Cheng is an NRA News Commentator where he provides his opinions and commentary on a variety of issues. He also tours Bass Pro Shops across the country interacting with customers; shooting in Multi-Gun, USPSA, IDPA, and IPSC competitions, and working with the National Rifle Association of America and National Shooting Sports Foundation on promoting the shooting sport. Cheng is a Lifetime member of the National Rifle Association and is an NRA Certified Pistol, Rifle, and Shotgun Instructor.
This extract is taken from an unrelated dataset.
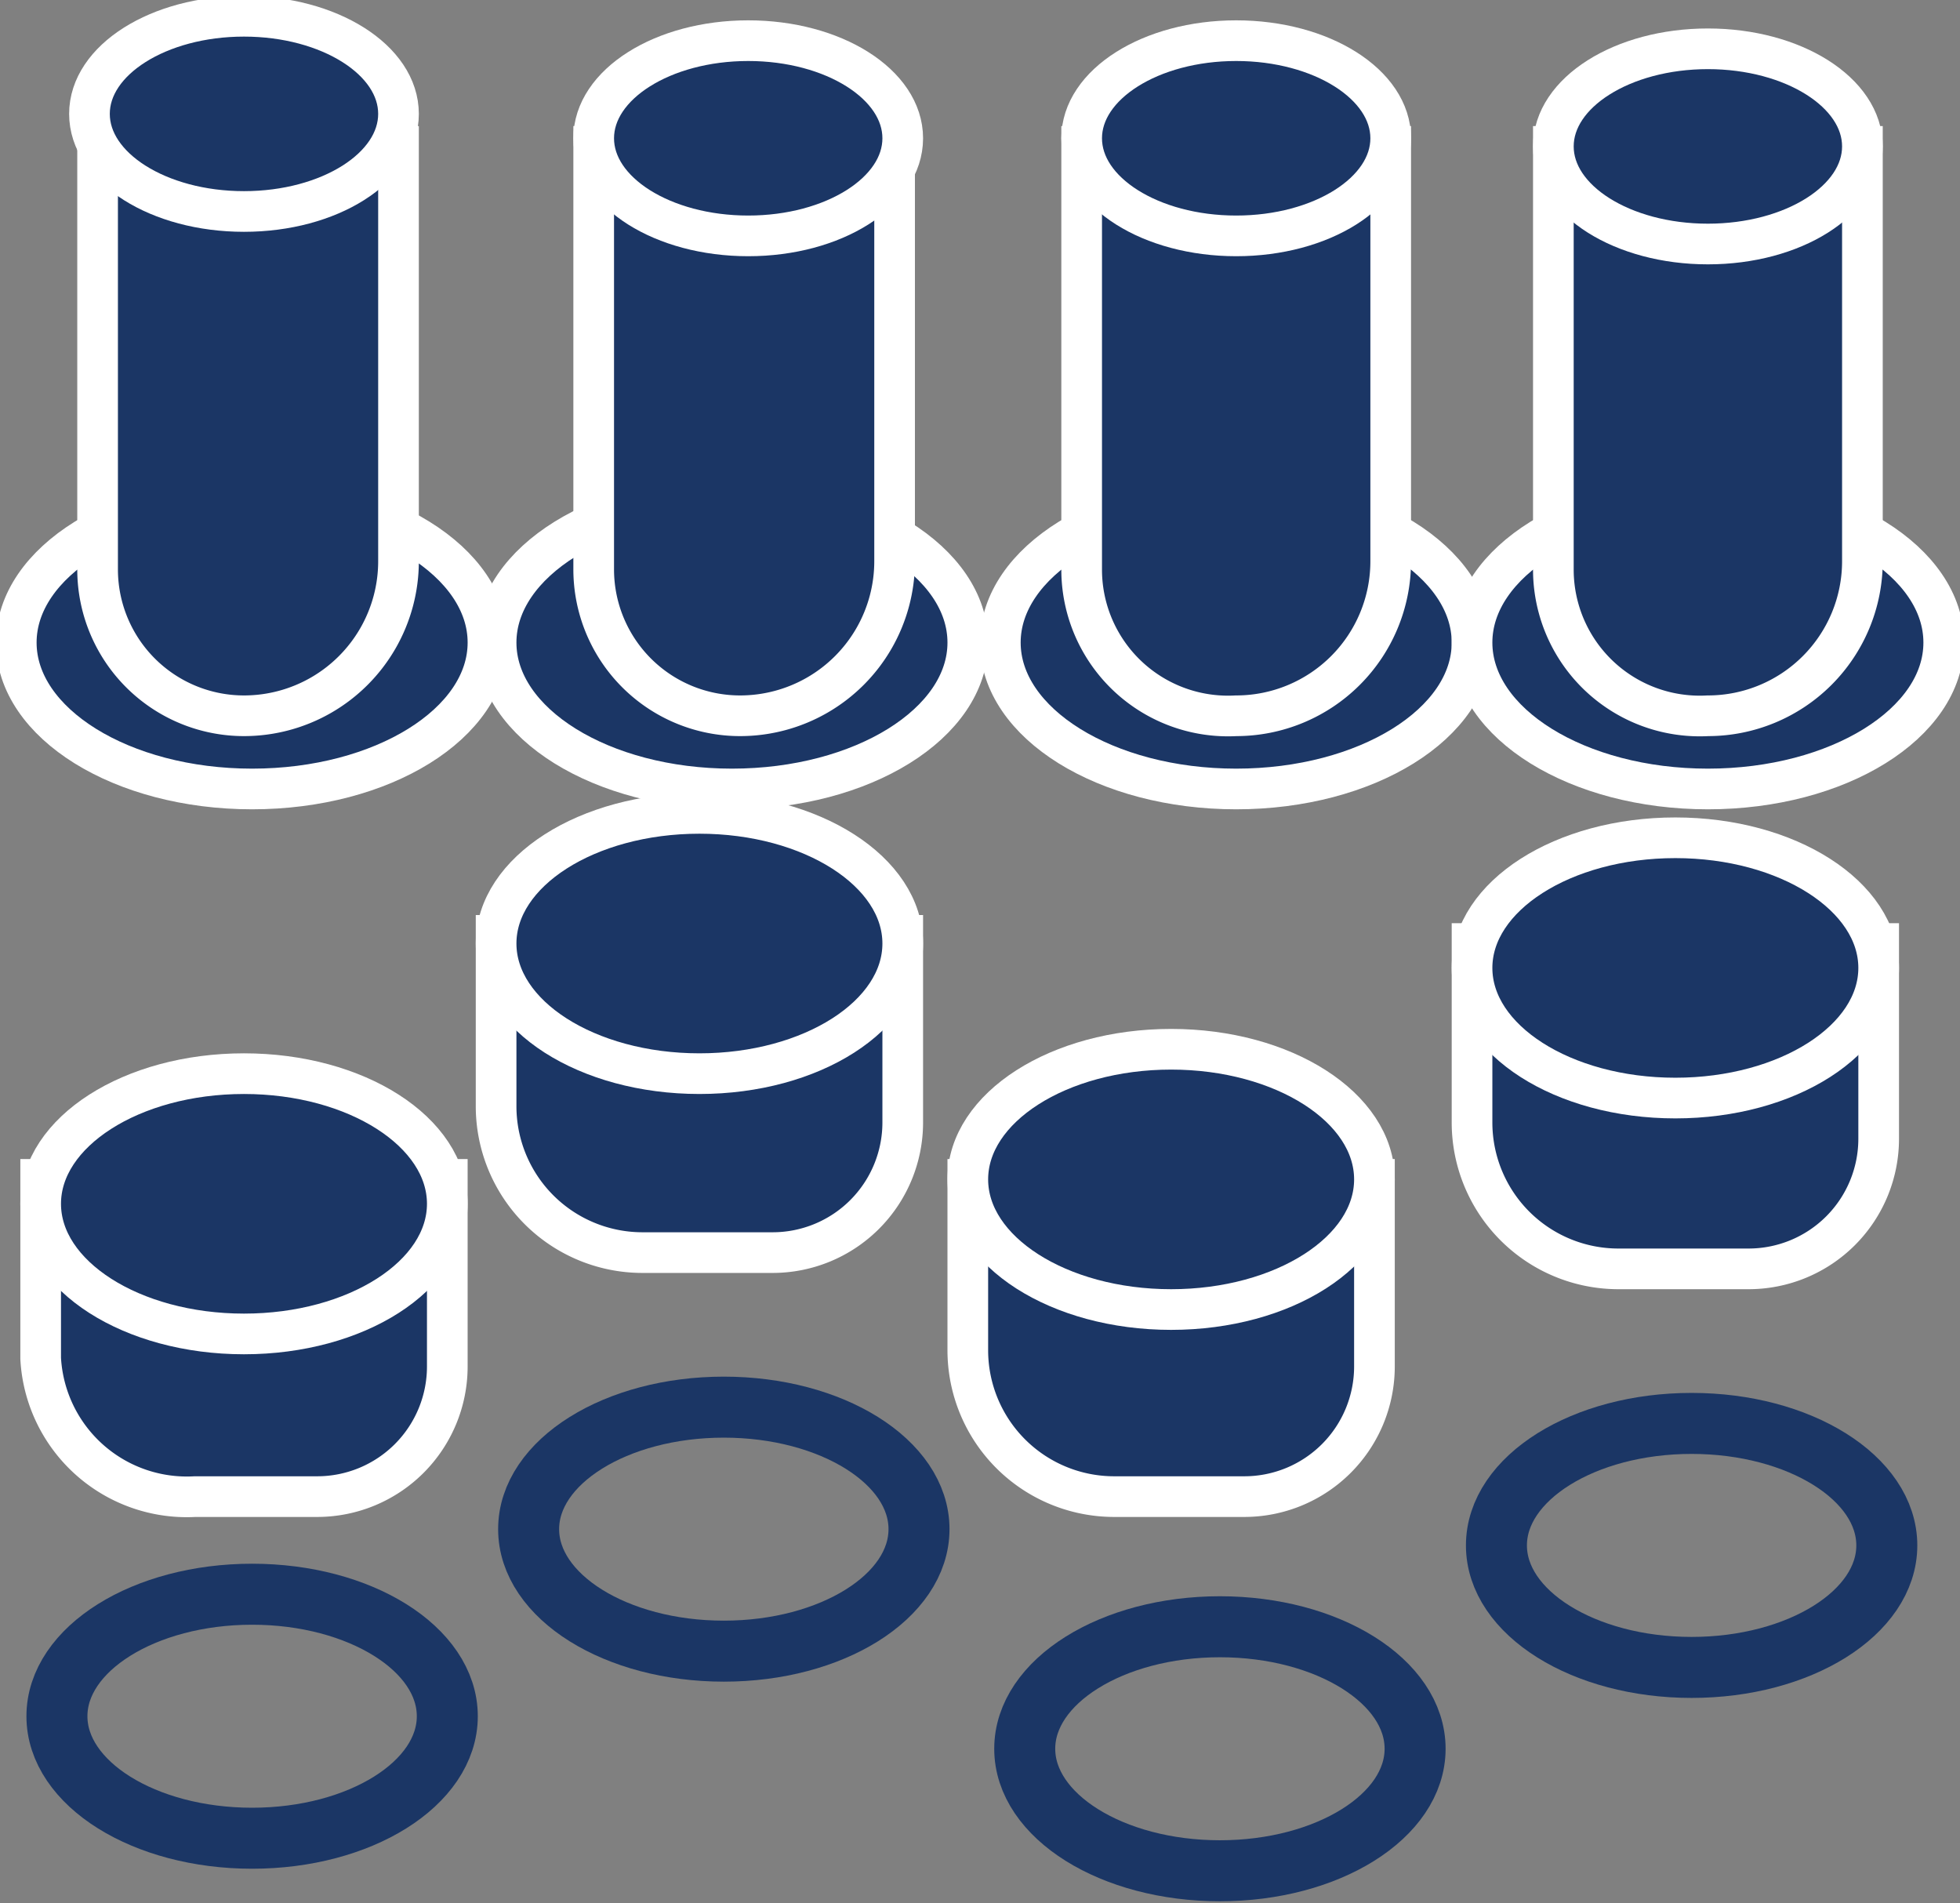 <svg xmlns="http://www.w3.org/2000/svg" viewBox="0 0 24.1 23.4"><rect x="0" y="0" width="24.1" height="23.4" fill="#808080" stroke="none"/><title>Revisione forcellone</title><ellipse cx="3.1" cy="21.1" rx="2.4" ry="1.5" fill="none" stroke="#1b3665" stroke-miterlimit="10" stroke-width="0.75"/><ellipse cx="8.9" cy="18.8" rx="2.4" ry="1.5" fill="none" stroke="#1b3665" stroke-miterlimit="10" stroke-width="0.75"/><ellipse cx="15" cy="21.5" rx="2.4" ry="1.5" fill="none" stroke="#1b3665" stroke-miterlimit="10" stroke-width="0.75"/><ellipse cx="20.8" cy="19" rx="2.4" ry="1.5" fill="none" stroke="#1b3665" stroke-miterlimit="10" stroke-width="0.75"/><path d="M.5,14.5h5a0,0,0,0,1,0,0v2.3a1.6,1.6,0,0,1-1.6,1.6H2.4A1.8,1.8,0,0,1,.5,16.7V14.5a0,0,0,0,1,0,0Z" fill="#1b3665" stroke="#fff" stroke-miterlimit="10" stroke-width="0.5"/><path d="M6.1,11.5h5a0,0,0,0,1,0,0v2.3a1.6,1.6,0,0,1-1.6,1.6H7.9a1.8,1.8,0,0,1-1.8-1.8V11.5A0,0,0,0,1,6.1,11.5Z" fill="#1b3665" stroke="#fff" stroke-miterlimit="10" stroke-width="0.5"/><path d="M11.9,14.5h5a0,0,0,0,1,0,0v2.3a1.6,1.6,0,0,1-1.6,1.6H13.7a1.8,1.8,0,0,1-1.8-1.8V14.5A0,0,0,0,1,11.9,14.5Z" fill="#1b3665" stroke="#fff" stroke-miterlimit="10" stroke-width="0.5"/><path d="M18.1,11.6h5a0,0,0,0,1,0,0V14a1.6,1.6,0,0,1-1.6,1.6H19.9a1.8,1.8,0,0,1-1.8-1.8V11.6A0,0,0,0,1,18.1,11.6Z" fill="#1b3665" stroke="#fff" stroke-miterlimit="10" stroke-width="0.5"/><ellipse cx="3.1" cy="7.9" rx="2.9" ry="1.8" fill="#1b3665" stroke="#fff" stroke-miterlimit="10" stroke-width="0.5"/><ellipse cx="9" cy="7.9" rx="2.9" ry="1.8" fill="#1b3665" stroke="#fff" stroke-miterlimit="10" stroke-width="0.5"/><ellipse cx="15.2" cy="7.9" rx="2.9" ry="1.8" fill="#1b3665" stroke="#fff" stroke-miterlimit="10" stroke-width="0.5"/><ellipse cx="21" cy="7.9" rx="2.9" ry="1.8" fill="#1b3665" stroke="#fff" stroke-miterlimit="10" stroke-width="0.5"/><path d="M1.2,1.8H4.9a0,0,0,0,1,0,0V6.9A1.9,1.9,0,0,1,3,8.8H3A1.8,1.8,0,0,1,1.2,7V1.8A0,0,0,0,1,1.2,1.8Z" fill="#1b3665" stroke="#fff" stroke-miterlimit="10" stroke-width="0.5"/><path d="M7.3,1.8H11a0,0,0,0,1,0,0V6.9A1.9,1.9,0,0,1,9.1,8.8h0A1.8,1.8,0,0,1,7.3,7V1.8a0,0,0,0,1,0,0Z" fill="#1b3665" stroke="#fff" stroke-miterlimit="10" stroke-width="0.5"/><path d="M13.3,1.8h3.8a0,0,0,0,1,0,0V6.9a1.9,1.9,0,0,1-1.9,1.9h0A1.8,1.8,0,0,1,13.3,7V1.8A0,0,0,0,1,13.3,1.8Z" fill="#1b3665" stroke="#fff" stroke-miterlimit="10" stroke-width="0.5"/><path d="M19.1,1.8h3.8a0,0,0,0,1,0,0V6.9a1.9,1.9,0,0,1-1.9,1.9h0A1.8,1.8,0,0,1,19.1,7V1.8A0,0,0,0,1,19.1,1.8Z" fill="#1b3665" stroke="#fff" stroke-miterlimit="10" stroke-width="0.5"/><ellipse cx="3" cy="14.8" rx="2.5" ry="1.6" fill="#1b3665" stroke="#fff" stroke-miterlimit="10" stroke-width="0.5"/><ellipse cx="8.6" cy="11.6" rx="2.5" ry="1.6" fill="#1b3665" stroke="#fff" stroke-miterlimit="10" stroke-width="0.5"/><ellipse cx="14.4" cy="14.5" rx="2.5" ry="1.6" fill="#1b3665" stroke="#fff" stroke-miterlimit="10" stroke-width="0.5"/><ellipse cx="20.6" cy="11.9" rx="2.5" ry="1.6" fill="#1b3665" stroke="#fff" stroke-miterlimit="10" stroke-width="0.5"/><ellipse cx="3" cy="1.4" rx="1.9" ry="1.2" fill="#1b3665" stroke="#fff" stroke-miterlimit="10" stroke-width="0.5"/><ellipse cx="9.2" cy="1.7" rx="1.9" ry="1.2" fill="#1b3665" stroke="#fff" stroke-miterlimit="10" stroke-width="0.5"/><ellipse cx="15.2" cy="1.7" rx="1.9" ry="1.2" fill="#1b3665" stroke="#fff" stroke-miterlimit="10" stroke-width="0.5"/><ellipse cx="21" cy="1.8" rx="1.9" ry="1.2" fill="#1b3665" stroke="#fff" stroke-miterlimit="10" stroke-width="0.5"/></svg>

Cheng's book "Shoot to Win" reveals how he trained to win Top Shot, as well as how he empowers himself to succeed in life. Cheng is a Staff Writer for The Firearm Blog where he writes about firearms and gear in his post-Top Shot experiences.

Cheng was featured in the Second Amendment documentary Assaulted: Civil Rights Under Fire (2013) alongside Ted Nugent and Ice-T. He was on 13 episodes of Top Shot Season 4, and was a special guest on the premiere and season finale of Top Shot Season 5: All-Stars.

Cheng is an inspirational public speaker, represented by The Harry Walker Agency.

Cheng's website and blog is at TopShotChris.com. His future career plans include running for public office.

Cheng produces a web series called Top Shot Chris Cheng that airs on CarbonTV.

Cheng joined the Board of Directors of the LGBTQ gun rights organization, Pink Pistols in January 2020. In a statement released to the public Cheng said of the decision to join Pink Pistols, "I am excited to bring my technology and business background to Operation Blazing Sword. The next chapter of queer rights has begun with more of our community realizing that the Second Amendment is a way for marginalized communities to protect ourselves from harm..." "Operation Blazing Sword" (another LGBTQ gun rights organization), merged with Pink Pistols in 2018.

== Other interests ==

Cheng is on the board of directors for the San Francisco Opera BRAVO! Club. He is also a volunteer baritone singer for the San Francisco Symphony Chorus. He played double bass from ages 13–22 in both orchestras and jazz bands.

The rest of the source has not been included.